А у меня снесло крышу, иначе как это назвать? Мысль о том, как связанный Ададжи выгибается от моих ласк, а вокруг смотрят и не смеют коснуться они, лишала меня остатков здравого смысла. Наверное, я извращенка, но устоять перед таким соблазном не смогла. Я выплела из волос любимого длинную ленту и опутала его запястья, привязав за головой. На остальных я специально не смотрела: во-первых, чтобы не портить себе настрой, во-вторых, их незримое присутствие делало мою игру острее.
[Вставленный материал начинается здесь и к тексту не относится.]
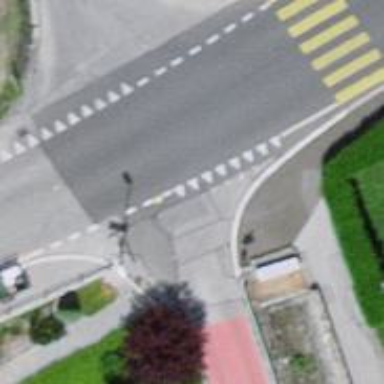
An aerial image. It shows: Kerb barrier.

Я сходила с ума над Ададжи, ласкала его то резко и грубо, то касаясь на грани чувствительности, а он стонал и извивался. Мне захотелось сделать что-то только для него. Я раздвинула его длинные сильные ноги и начала легонько касаться языком головки возбуждённого члена. Потом крепко обхватила ствол рукой и начала посасывать сначала головку, не забывая гладить языком впадинку и уздечку, заглатывая член так глубоко, как могла. Ададжи стонал, вскрикивал рычал, а я рукой слегка сдавила мошонку, аккуратно просунула пальчик между яичек и начала поглаживать очень чувствительное местечко.
– Я… не… выдержу… – стонал ирлинг.
– И не нужно, – сказала я и подло сильно сдавила головку губами, отсрочивая его разрядку.
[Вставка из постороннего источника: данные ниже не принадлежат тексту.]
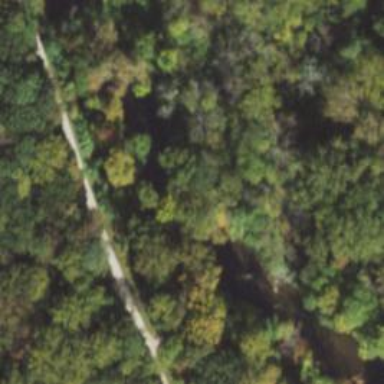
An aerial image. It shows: Culvert tunnel.
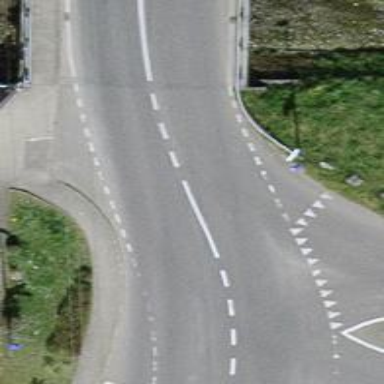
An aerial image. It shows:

– Пусть… Рей… тебя ласкает… хочу… ты со мной…
Рей несмело коснулся губами моей спины и очень нежно провел по ноге от щиколотки вверх. Я отвлеклась от Ададжи и посмотрела на парня. Он был сильно возбуждён, а в больших бирюзовых глазах стояли слёзы. Я дура, но не смогла оттолкнуть: это было бы как щенка ударить. К тому же мое возбуждение давно уже лишило меня возможности здраво мыслить, поэтому, я зарывшись в золотые кудряшки Рея, резко притянула и поцеловала парня без всякой нежности, а потом вернулась к издевательствам над Ададжи.
Получив моё молчаливое согласие, Рей осторожно гладил меня и осыпал поцелуями ноги, поднимаясь к средоточию женственности.
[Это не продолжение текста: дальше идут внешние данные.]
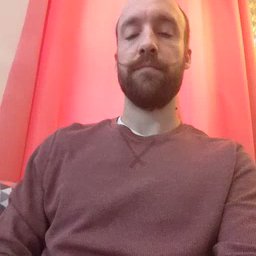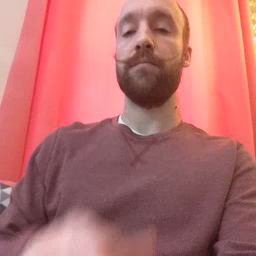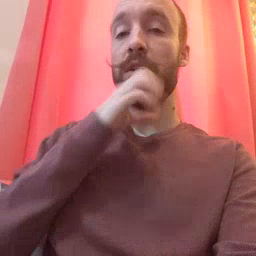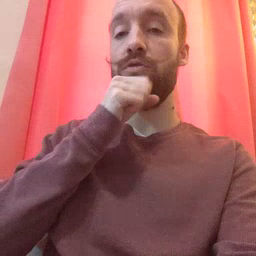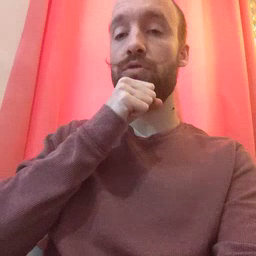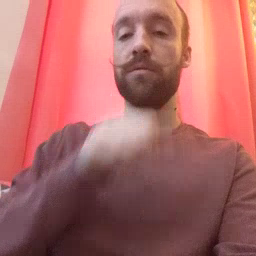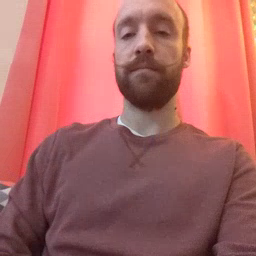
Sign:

Ададжи был близок к разрядке, да и мне уже хотелось действий, а не ласк, поэтому я повернулась, подняла голову Рею и, глядя в глаза, сказала:
– Возьми меня.
Рей осторожно вошёл в меня и двигался мягко и нежно, а мне сносило крышу от всего происходящего, я стала резко подмахивать, показывая, чего хочу. Рей понял и стал врываться в меня, при этом сам громко стонал. Я не выдержала первой. Огромной силы оргазм вызвал сильные спазмы удовольствия, и я прокричала в член Ададжи. Он с громким криком последовал за мной, сразу же кончил Рей. Со всех сторон я слышала сдавленные стоны и вскрики. Что, и они тоже?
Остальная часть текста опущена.